Fabrizio Frasca

Hey! I am Fabrizio. I am a Postdoctoral Fellow at Technion, working with Prof. Haggai Maron on Geometric Deep Learning.

My interests revolve around principled and effective learning over structured data, with particular emphasis on the roles of Equivariance and Expressiveness. Recently, I’ve been working on architectures to learn from (structured) computational traces of Large Language Models (LLMs) for the automated detection of problematic behavioral patterns such as hallucinations. I also extensively work on methods for learning on graphs, with a focus on designing efficient and expressive Graph Neural Networks (GNNs).

Speaking of graphs, I am also one of the co-founders and co-organisers of the GLOW (Graph Learning on Wednesdays) reading group.

Previously, I have obtained a PhD in Computing from Imperial College London under the supervision of Prof. Michael Bronstein, with my research focussing on overcoming the intrinsic representational limits of GNNs. I have explored extensions of message-passing schemes that can capture non-trivial meso-scale topological patterns in networks, and equivariance to symmetries as an overarching design principle to design provably expressive architectures.

In the past, I have conducted more applied research on Machine Learning approaches for problems in the realm of Computational Biology and Bioinformatics, specifically, drug repurposing and epigenetic gene expression regulation.

I have also been a Machine Learning Researcher at Twitter Cortex from 2019 – acquisition of Fabula AI – to early 2023.

News

[2025/2] Just released a new preprint: a position paper where we discuss the problematic aspects of current benchmarking datasets and practices in Graph Learning. We experimentally validate our claims and propose possible solutions.
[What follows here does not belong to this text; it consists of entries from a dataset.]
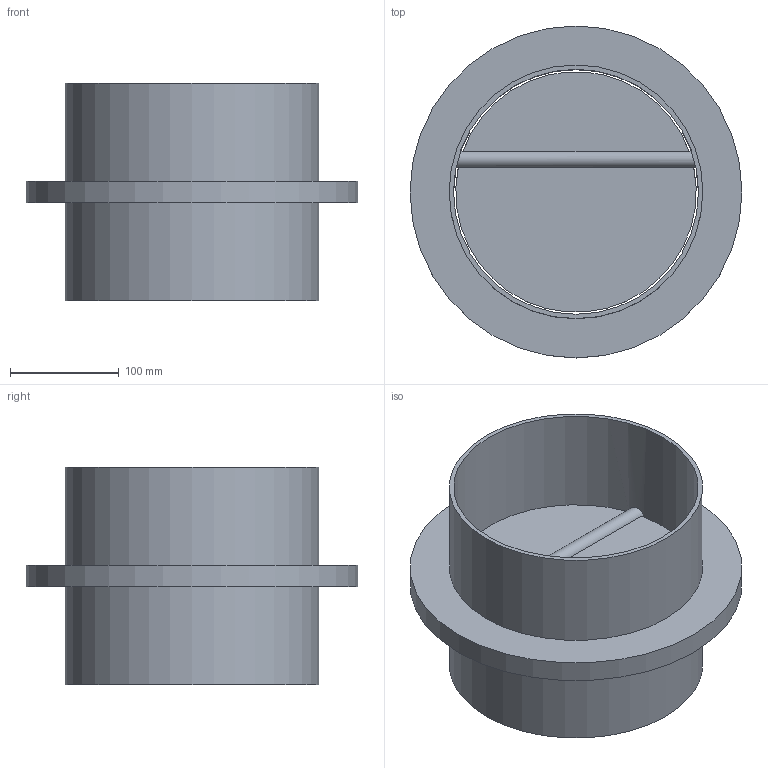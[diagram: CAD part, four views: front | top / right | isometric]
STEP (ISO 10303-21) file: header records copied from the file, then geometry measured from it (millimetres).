
FILE_DESCRIPTION (( 'STEP AP203' ), '1' );
FILE_NAME ('1SE2028_B523B-SERR-GRAVITA_28.STEP', '2022-03-10T13:01:47', ( '' ), ( '' ), 'SwSTEP 2.0', 'SolidWorks 2018', '' );
FILE_SCHEMA (( 'CONFIG_CONTROL_DESIGN' ));
Length unit declared in the file: millimetre
Products named in the file (1): 1SE2028_B523B-SERR-GRAVITA_28
Bounding box: 305 x 305 x 200 mm (x, y, z)
Volume: 1363107.1 mm3; surface area: 440245.6 mm2
Topology: 1 solids, 1 shells, 15 faces, 29 edges, 20 vertices
Faces by surface type: plane 8, cylinder 7
Full cylindrical faces by diameter (mm): 15 x1, 225 x1, 233 x2, 305 x1
Entity records: 624 total; most frequent: CARTESIAN_POINT 259, DIRECTION 60, ORIENTED_EDGE 44, AXIS2_PLACEMENT_3D 28, EDGE_LOOP 28, EDGE_CURVE 22, FACE_OUTER_BOUND 20, VERTEX_POINT 18
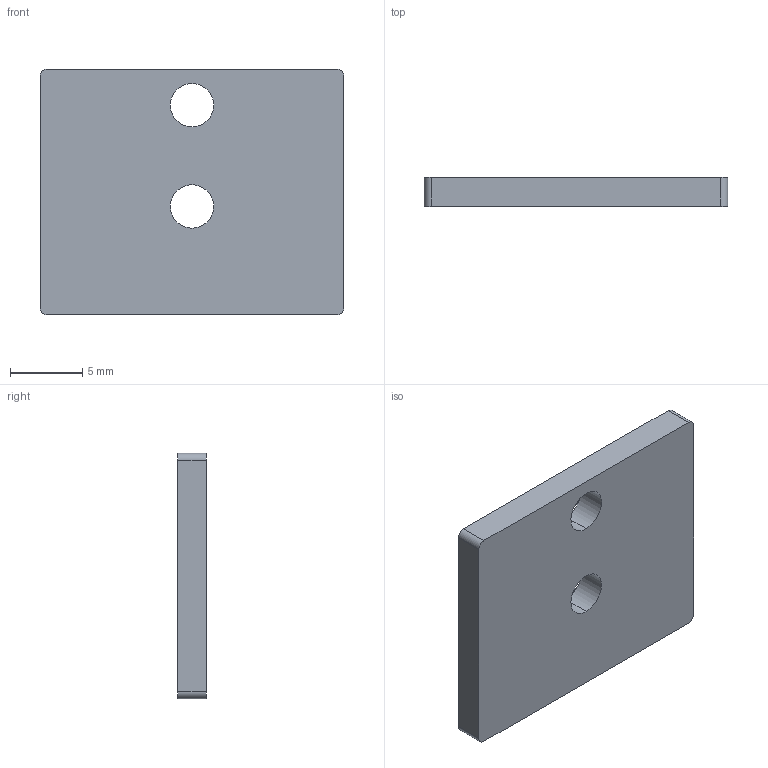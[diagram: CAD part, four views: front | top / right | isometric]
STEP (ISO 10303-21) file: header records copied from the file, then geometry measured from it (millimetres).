
FILE_DESCRIPTION (( 'STEP AP214' ), '1' );
FILE_NAME ('Acrylic slide.STEP', '2018-11-26T11:25:02', ( '' ), ( '' ), 'SwSTEP 2.0', 'SolidWorks 2016', '' );
FILE_SCHEMA (( 'AUTOMOTIVE_DESIGN' ));
Length unit declared in the file: millimetre
Products named in the file (1): Acrylic slide
Bounding box: 21 x 2 x 17 mm (x, y, z)
Volume: 685.3 mm3; surface area: 873.3 mm2
Topology: 1 solids, 1 shells, 14 faces, 36 edges, 24 vertices
Faces by surface type: cylinder 8, plane 6
Entity records: 478 total; most frequent: DIRECTION 82, CARTESIAN_POINT 75, ORIENTED_EDGE 72, EDGE_CURVE 36, AXIS2_PLACEMENT_3D 31, VERTEX_POINT 24, VECTOR 20, LINE 20

[2025/2] We have just held an amazing GLOW session today. More than fifty researchers gathered to discuss together the past, present and future of Machine Learning on graphs. It was super fun to moderate it :D

[2025/1] New preprint out: Balancing Efficiency and Expressiveness: Subgraph GNNs with Walk-Based Centrality – we employ walk-based centrality measures for subgraph sampling to drastically speed-up Subgraph GNNs and retain discriminative power!

[2025/1] Our paper Topological Blindspots: Understanding and Extending Topological Deep Learning Through the Lens of Expressivity has been selected for an oral presentation at ICLR 2025 :)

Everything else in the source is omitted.